Your task: The lines to copy are those holding the string "Genehmigung" in the entries below.

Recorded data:

- Opening Delimiter -

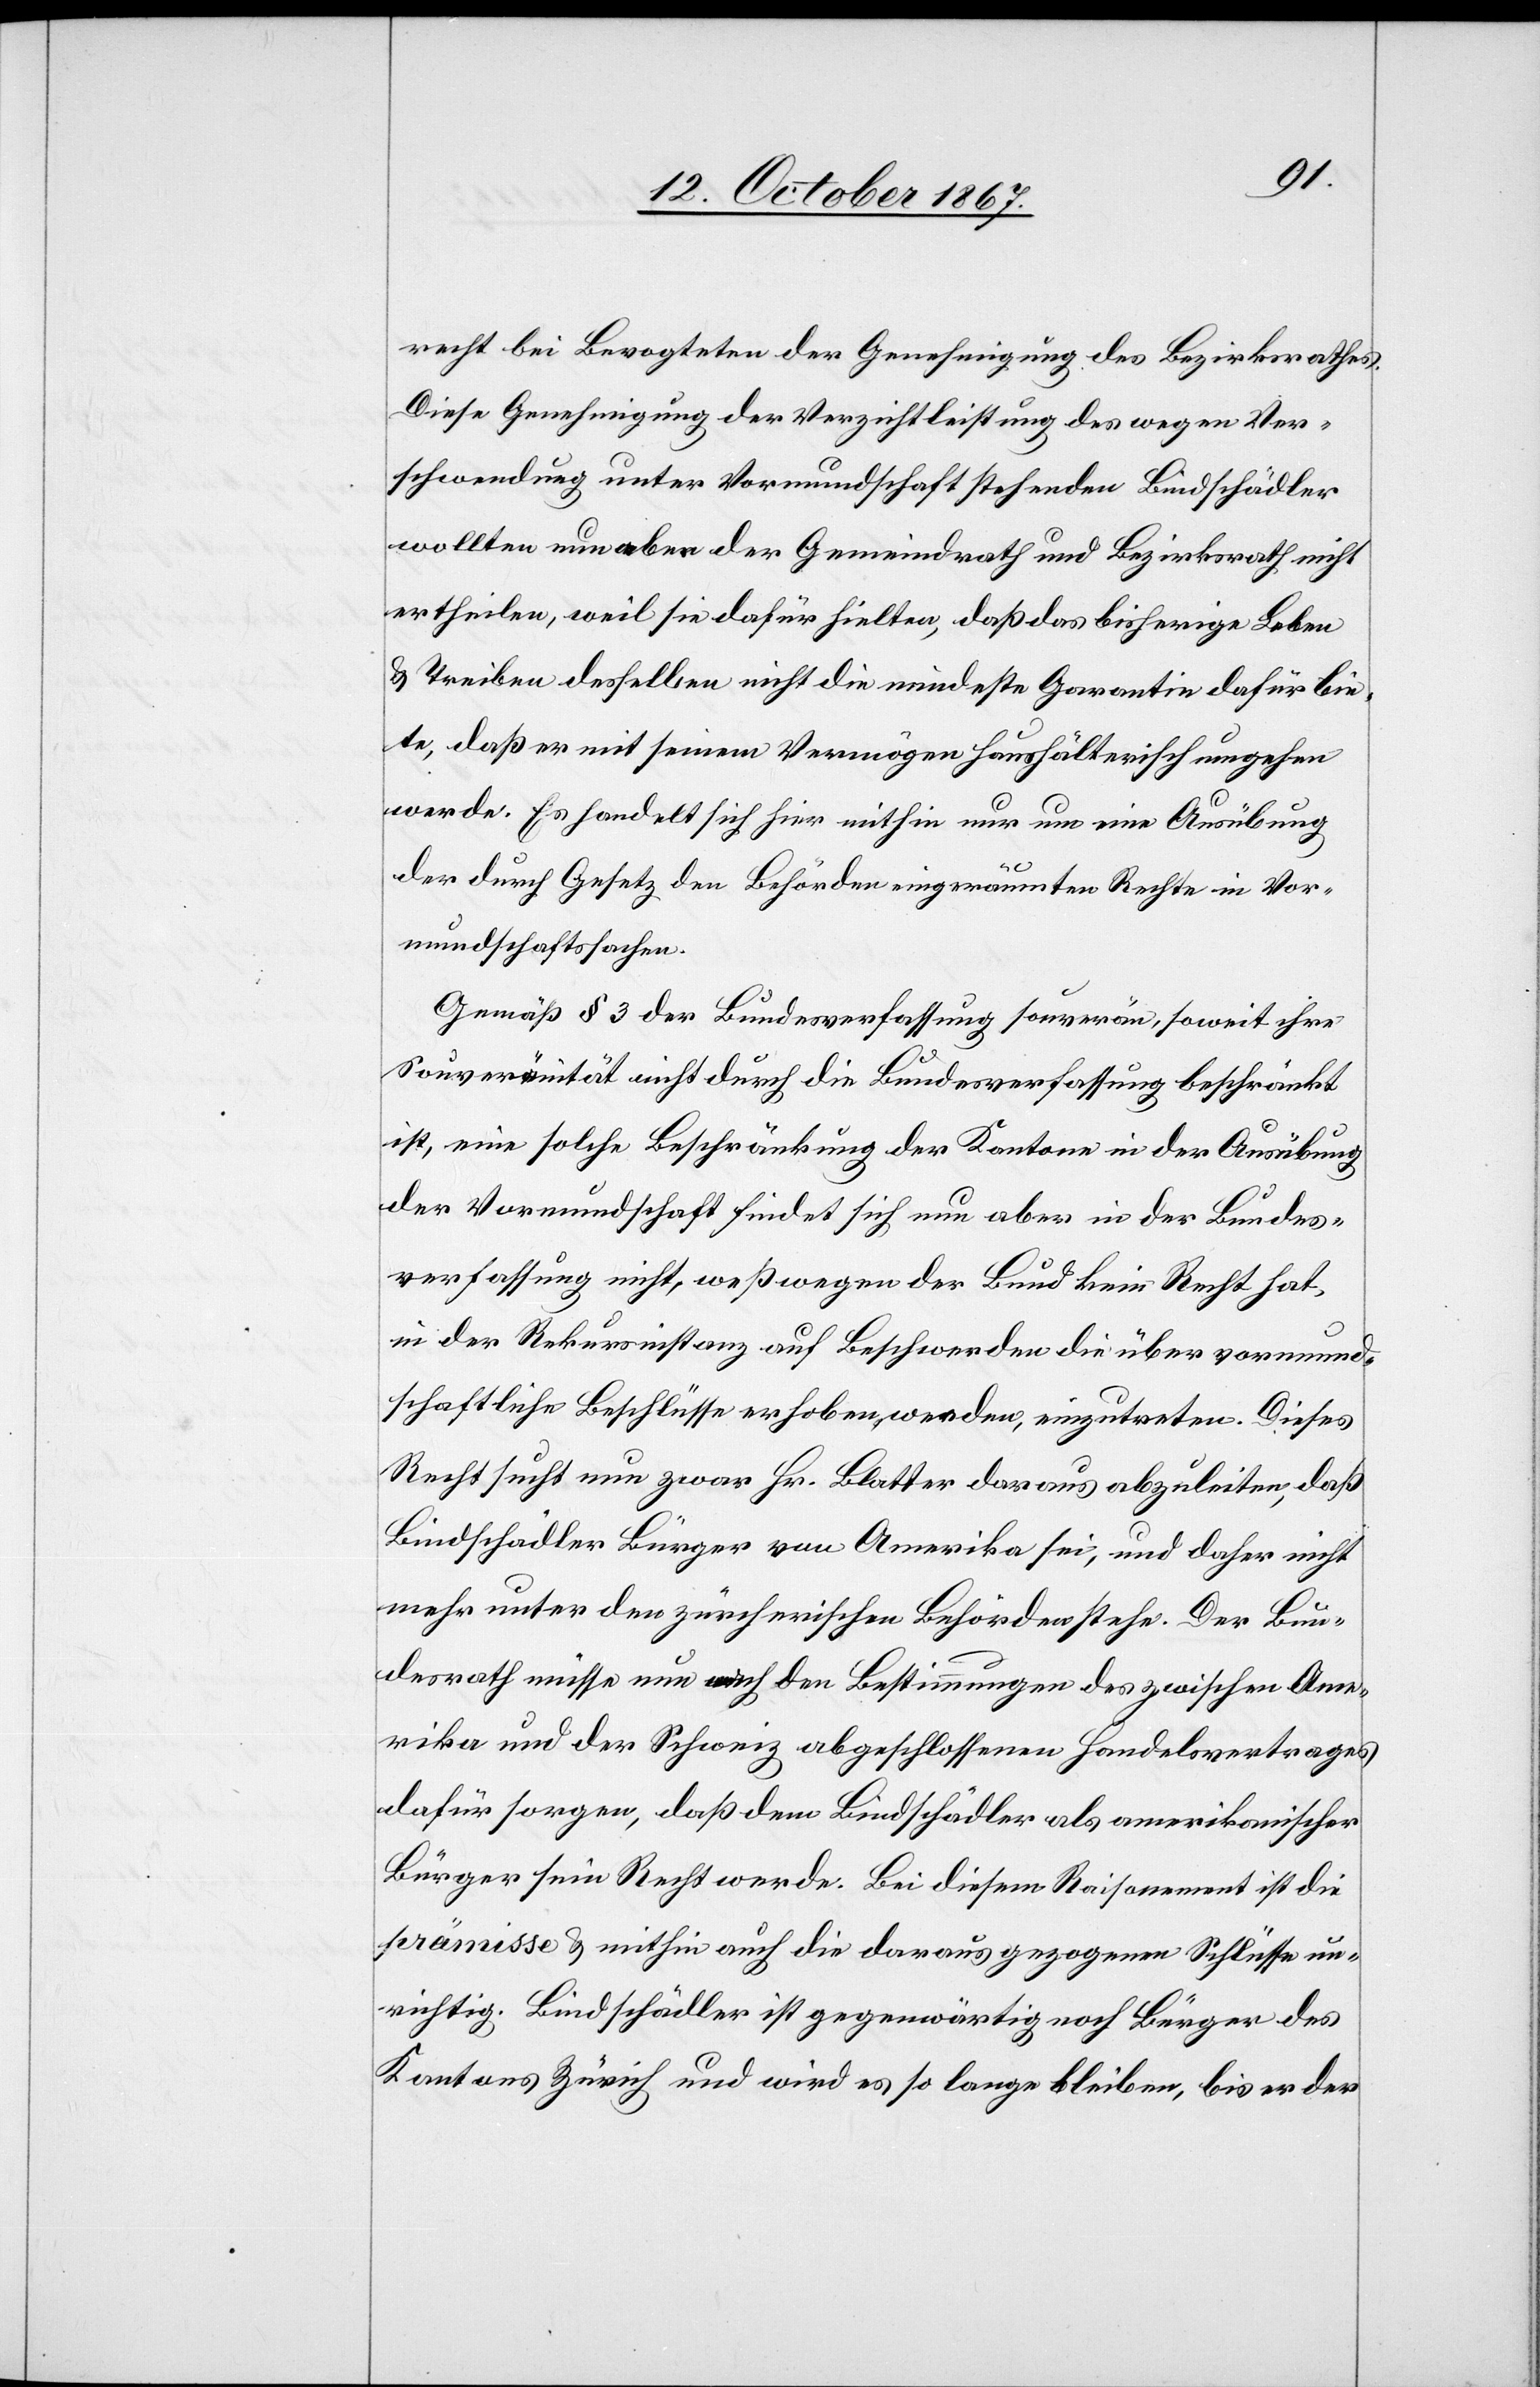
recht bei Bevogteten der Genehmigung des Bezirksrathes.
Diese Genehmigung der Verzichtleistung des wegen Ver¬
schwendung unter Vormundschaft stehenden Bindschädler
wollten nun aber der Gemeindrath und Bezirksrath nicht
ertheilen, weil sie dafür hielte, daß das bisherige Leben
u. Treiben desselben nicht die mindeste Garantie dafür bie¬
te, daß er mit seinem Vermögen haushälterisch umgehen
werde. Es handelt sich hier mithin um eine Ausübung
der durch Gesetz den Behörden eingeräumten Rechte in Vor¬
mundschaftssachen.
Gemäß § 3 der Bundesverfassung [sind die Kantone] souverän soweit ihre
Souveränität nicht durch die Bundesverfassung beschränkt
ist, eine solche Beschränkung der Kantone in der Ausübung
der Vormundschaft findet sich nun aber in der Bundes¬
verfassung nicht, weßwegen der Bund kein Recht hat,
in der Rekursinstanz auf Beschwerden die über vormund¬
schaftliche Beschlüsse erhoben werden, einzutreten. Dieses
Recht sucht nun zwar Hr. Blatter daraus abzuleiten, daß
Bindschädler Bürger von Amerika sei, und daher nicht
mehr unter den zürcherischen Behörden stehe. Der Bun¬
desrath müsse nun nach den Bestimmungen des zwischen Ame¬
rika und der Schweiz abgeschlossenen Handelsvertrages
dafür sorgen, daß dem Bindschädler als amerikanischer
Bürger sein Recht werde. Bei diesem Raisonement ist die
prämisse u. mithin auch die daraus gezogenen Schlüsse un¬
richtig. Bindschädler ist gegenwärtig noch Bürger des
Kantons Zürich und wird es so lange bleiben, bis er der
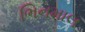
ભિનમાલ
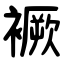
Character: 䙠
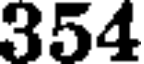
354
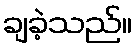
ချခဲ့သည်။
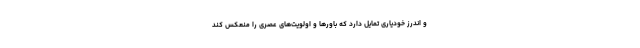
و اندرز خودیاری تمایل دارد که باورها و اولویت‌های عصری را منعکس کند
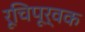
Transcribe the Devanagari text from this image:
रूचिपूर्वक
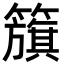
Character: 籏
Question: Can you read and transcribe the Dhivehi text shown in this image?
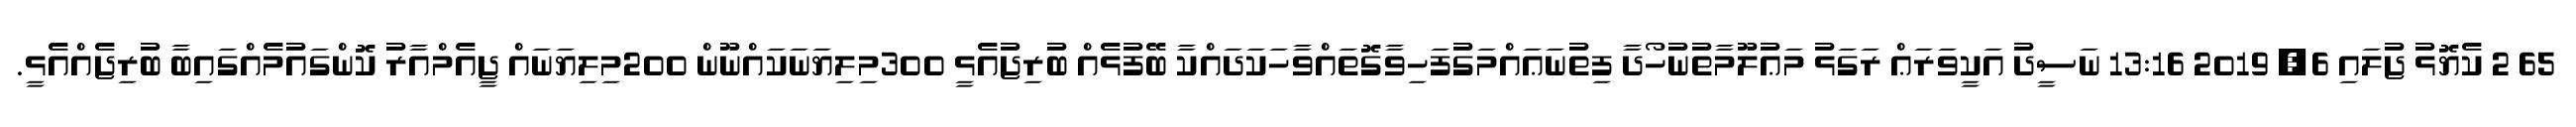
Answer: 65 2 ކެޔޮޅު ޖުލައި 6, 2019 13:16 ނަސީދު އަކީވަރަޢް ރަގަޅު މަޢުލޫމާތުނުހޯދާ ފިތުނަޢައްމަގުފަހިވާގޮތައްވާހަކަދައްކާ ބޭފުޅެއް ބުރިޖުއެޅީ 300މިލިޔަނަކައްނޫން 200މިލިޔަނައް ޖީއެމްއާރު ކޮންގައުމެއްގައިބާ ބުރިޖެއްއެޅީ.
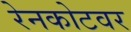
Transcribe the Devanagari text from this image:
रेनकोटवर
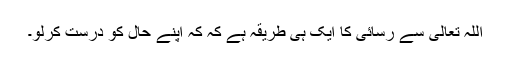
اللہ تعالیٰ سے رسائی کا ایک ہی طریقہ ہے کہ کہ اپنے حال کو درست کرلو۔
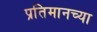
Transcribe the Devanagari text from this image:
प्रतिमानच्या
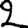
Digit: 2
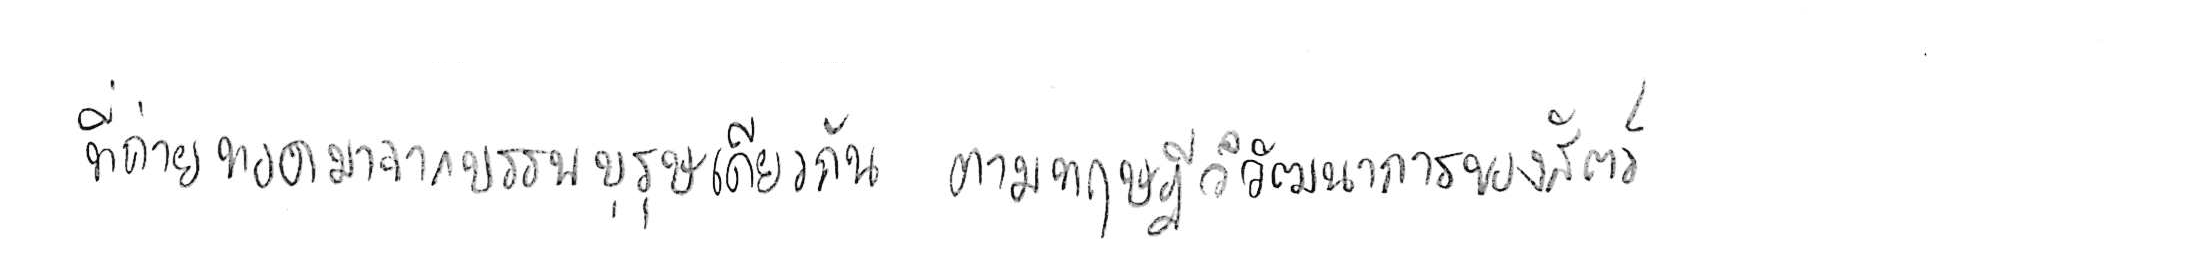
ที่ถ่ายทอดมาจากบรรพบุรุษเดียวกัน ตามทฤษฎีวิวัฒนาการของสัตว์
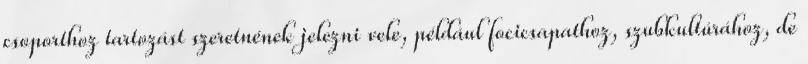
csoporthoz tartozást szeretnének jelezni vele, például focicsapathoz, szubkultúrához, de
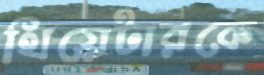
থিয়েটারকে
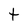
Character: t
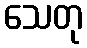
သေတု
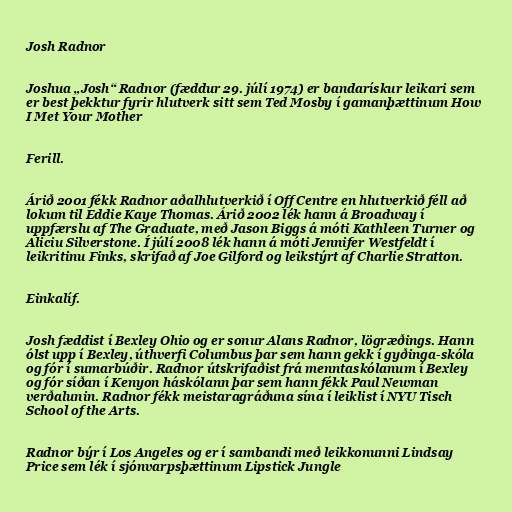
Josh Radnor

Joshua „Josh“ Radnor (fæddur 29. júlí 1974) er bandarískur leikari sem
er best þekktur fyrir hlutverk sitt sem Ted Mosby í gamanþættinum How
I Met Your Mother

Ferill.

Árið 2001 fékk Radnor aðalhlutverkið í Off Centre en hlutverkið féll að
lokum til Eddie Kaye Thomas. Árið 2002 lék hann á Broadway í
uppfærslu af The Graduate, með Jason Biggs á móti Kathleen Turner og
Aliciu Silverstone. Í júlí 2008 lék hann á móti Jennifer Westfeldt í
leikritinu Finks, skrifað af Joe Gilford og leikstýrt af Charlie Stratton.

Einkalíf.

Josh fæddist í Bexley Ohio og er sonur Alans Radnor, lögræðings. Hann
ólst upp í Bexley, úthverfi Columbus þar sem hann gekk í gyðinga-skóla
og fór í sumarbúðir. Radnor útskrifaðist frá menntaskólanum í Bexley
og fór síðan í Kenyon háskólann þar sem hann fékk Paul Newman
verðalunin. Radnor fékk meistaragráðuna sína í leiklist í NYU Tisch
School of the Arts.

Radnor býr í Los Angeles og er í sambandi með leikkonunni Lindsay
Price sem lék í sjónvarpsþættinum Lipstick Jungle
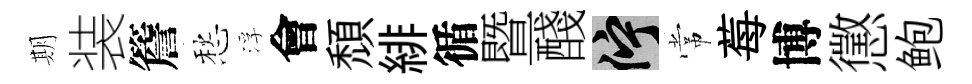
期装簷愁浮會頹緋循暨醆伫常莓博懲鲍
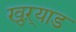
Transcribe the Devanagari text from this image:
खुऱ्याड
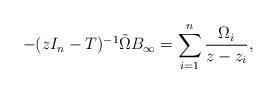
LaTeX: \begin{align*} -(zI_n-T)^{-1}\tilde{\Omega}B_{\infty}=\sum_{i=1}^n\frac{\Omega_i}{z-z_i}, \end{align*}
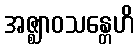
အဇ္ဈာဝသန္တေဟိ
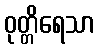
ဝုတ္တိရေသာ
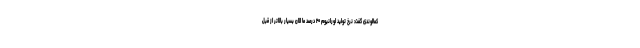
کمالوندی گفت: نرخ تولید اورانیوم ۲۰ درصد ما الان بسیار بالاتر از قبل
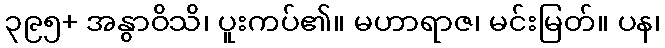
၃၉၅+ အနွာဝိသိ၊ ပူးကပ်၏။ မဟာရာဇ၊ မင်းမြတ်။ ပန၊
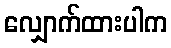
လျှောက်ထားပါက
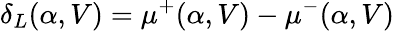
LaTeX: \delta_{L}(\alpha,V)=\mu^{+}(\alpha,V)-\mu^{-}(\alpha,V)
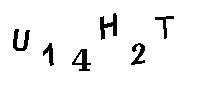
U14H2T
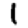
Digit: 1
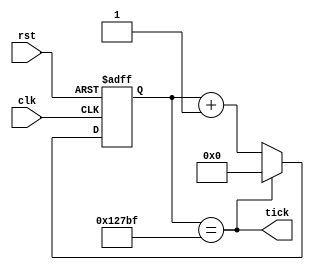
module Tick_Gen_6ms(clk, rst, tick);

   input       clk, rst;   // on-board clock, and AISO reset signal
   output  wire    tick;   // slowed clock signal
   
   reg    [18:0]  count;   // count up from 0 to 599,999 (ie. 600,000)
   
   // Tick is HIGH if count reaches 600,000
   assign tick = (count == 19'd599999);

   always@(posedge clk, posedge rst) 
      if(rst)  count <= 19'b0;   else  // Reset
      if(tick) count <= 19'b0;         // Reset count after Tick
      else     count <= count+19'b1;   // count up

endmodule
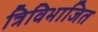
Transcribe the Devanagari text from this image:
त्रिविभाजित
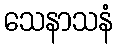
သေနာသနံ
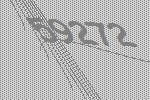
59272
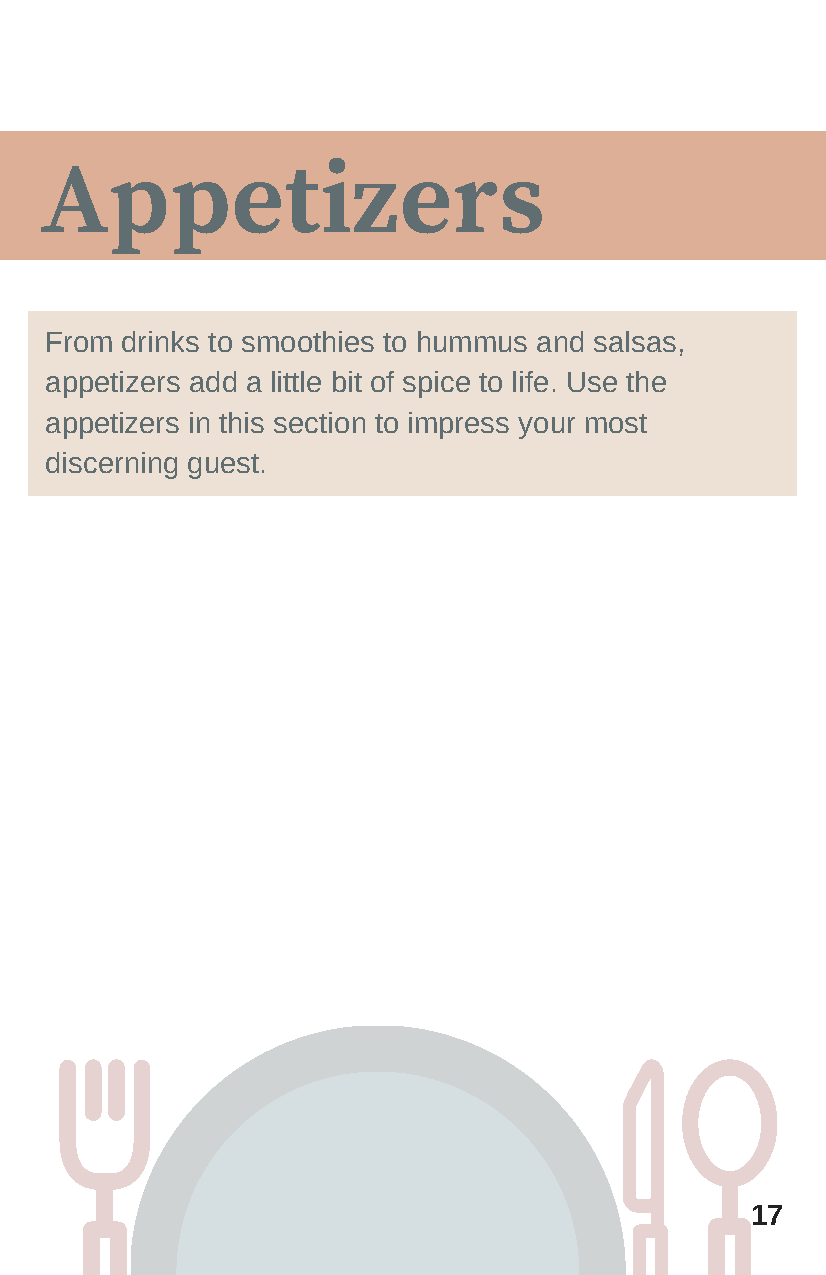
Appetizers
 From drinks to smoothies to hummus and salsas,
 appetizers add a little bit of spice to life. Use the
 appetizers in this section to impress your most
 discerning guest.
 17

- Closing Delimiter -

Result of this task:
recht bei Bevogteten der Genehmigung des Bezirksrathes.
Diese Genehmigung der Verzichtleistung des wegen Ver¬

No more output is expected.